◆ WHAT YOU WILL DO:
In your copy, reproduce each entry exactly and include no picture.

◆ TASK INPUTS:
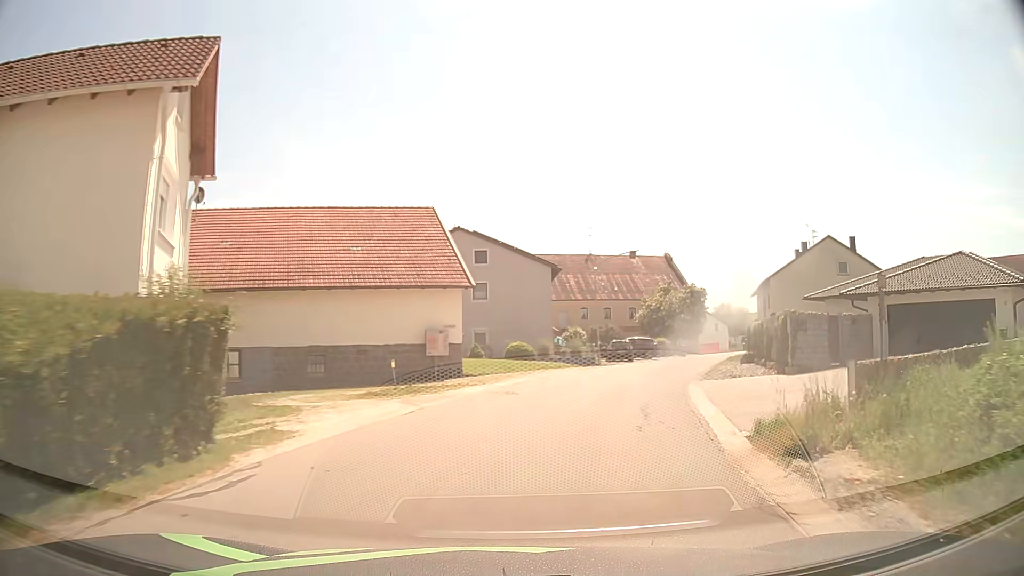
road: tertiary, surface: asphalt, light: Day
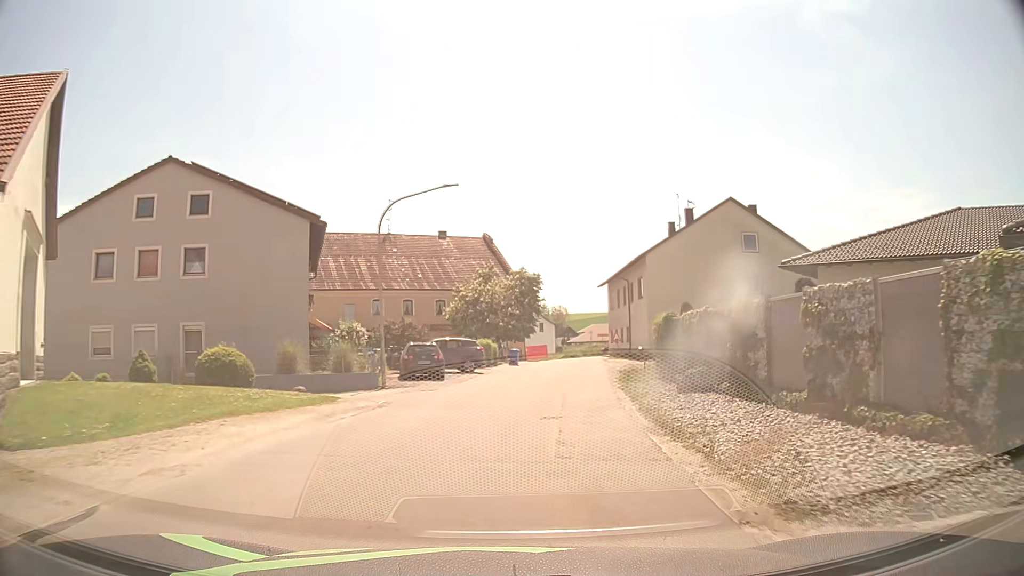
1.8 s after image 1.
(+3.0, +19.2) m; +16°
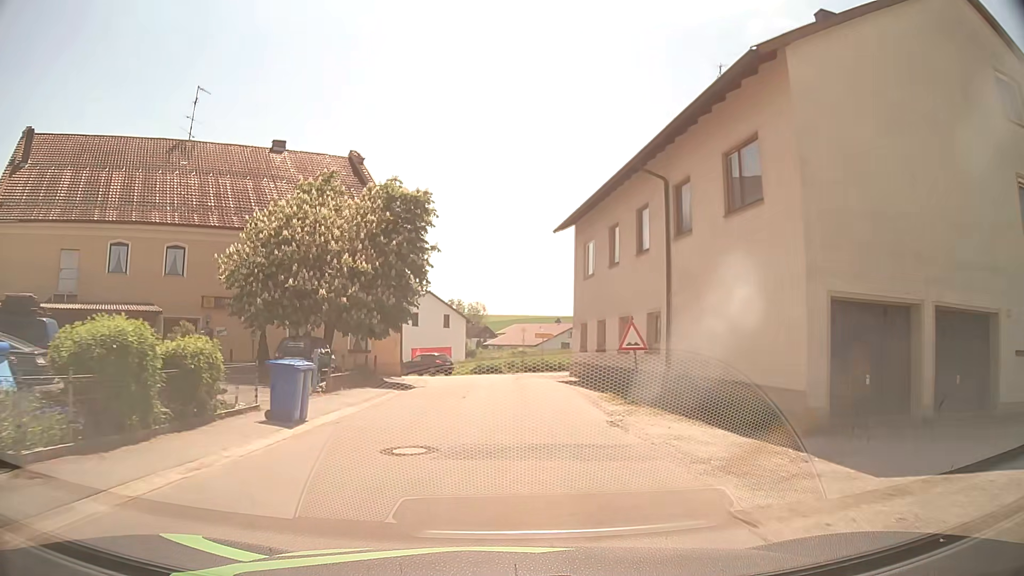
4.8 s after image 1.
(+2.8, +32.3) m; +7°
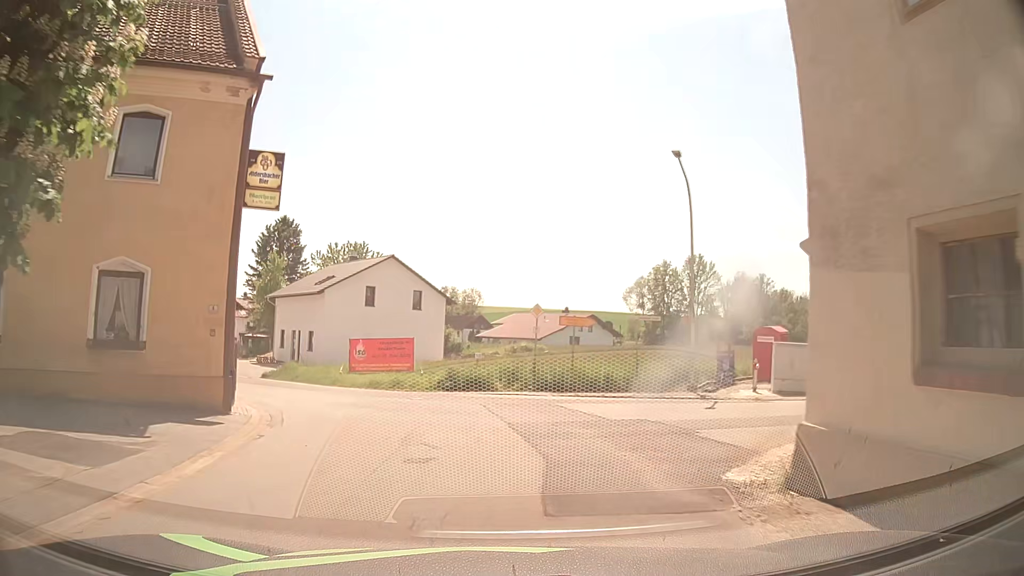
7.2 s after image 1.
(0.0, +22.0) m; -1°
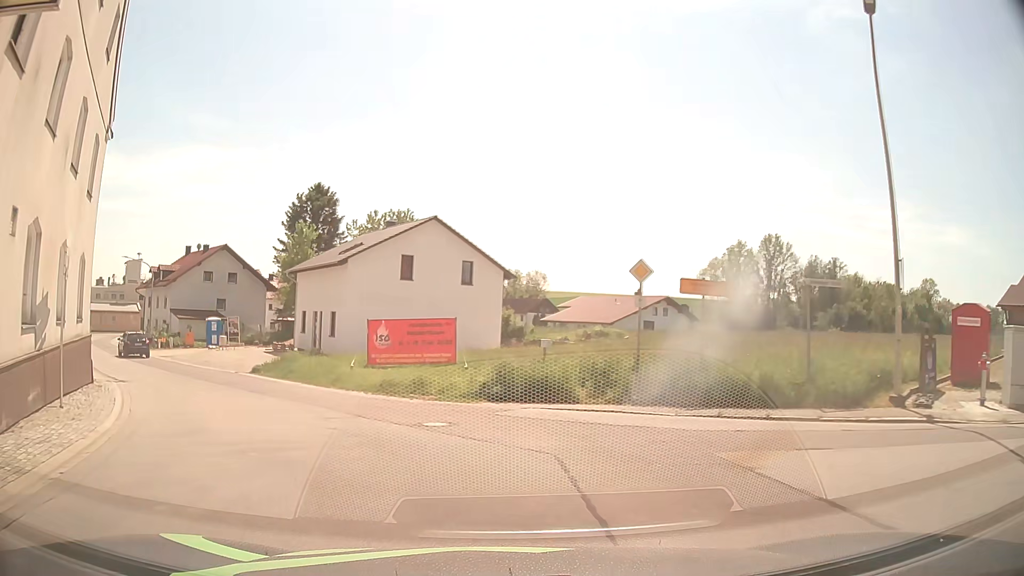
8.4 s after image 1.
(-0.1, +9.7) m; -3°
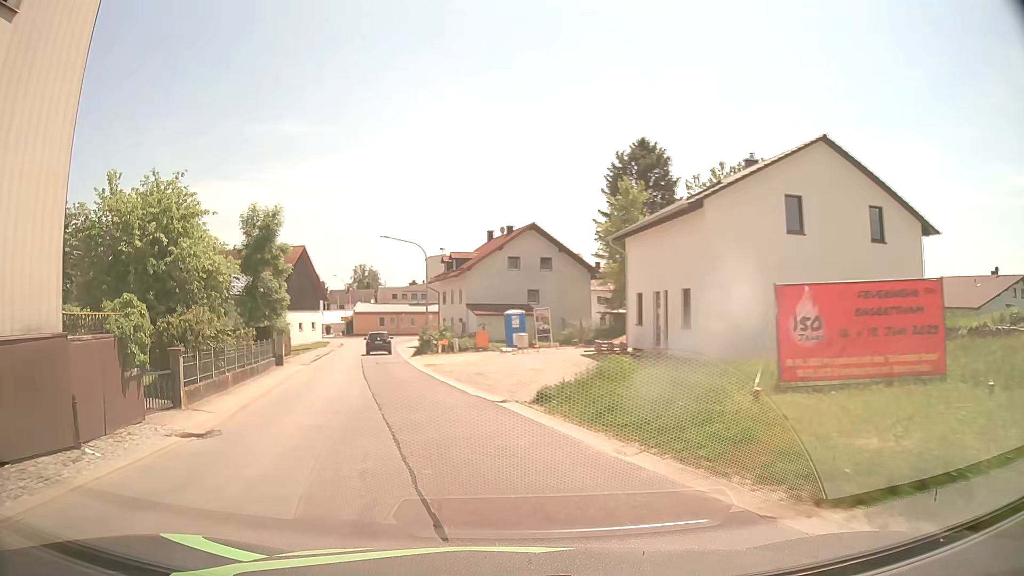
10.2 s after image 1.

◆ OUTPUT OF THE TASK:
road: tertiary, surface: asphalt, light: Day
1.8 s after image 1.
(+3.0, +19.2) m; +16°
4.8 s after image 1.
(+2.8, +32.3) m; +7°
7.2 s after image 1.
(0.0, +22.0) m; -1°
8.4 s after image 1.
(-0.1, +9.7) m; -3°
10.2 s after image 1.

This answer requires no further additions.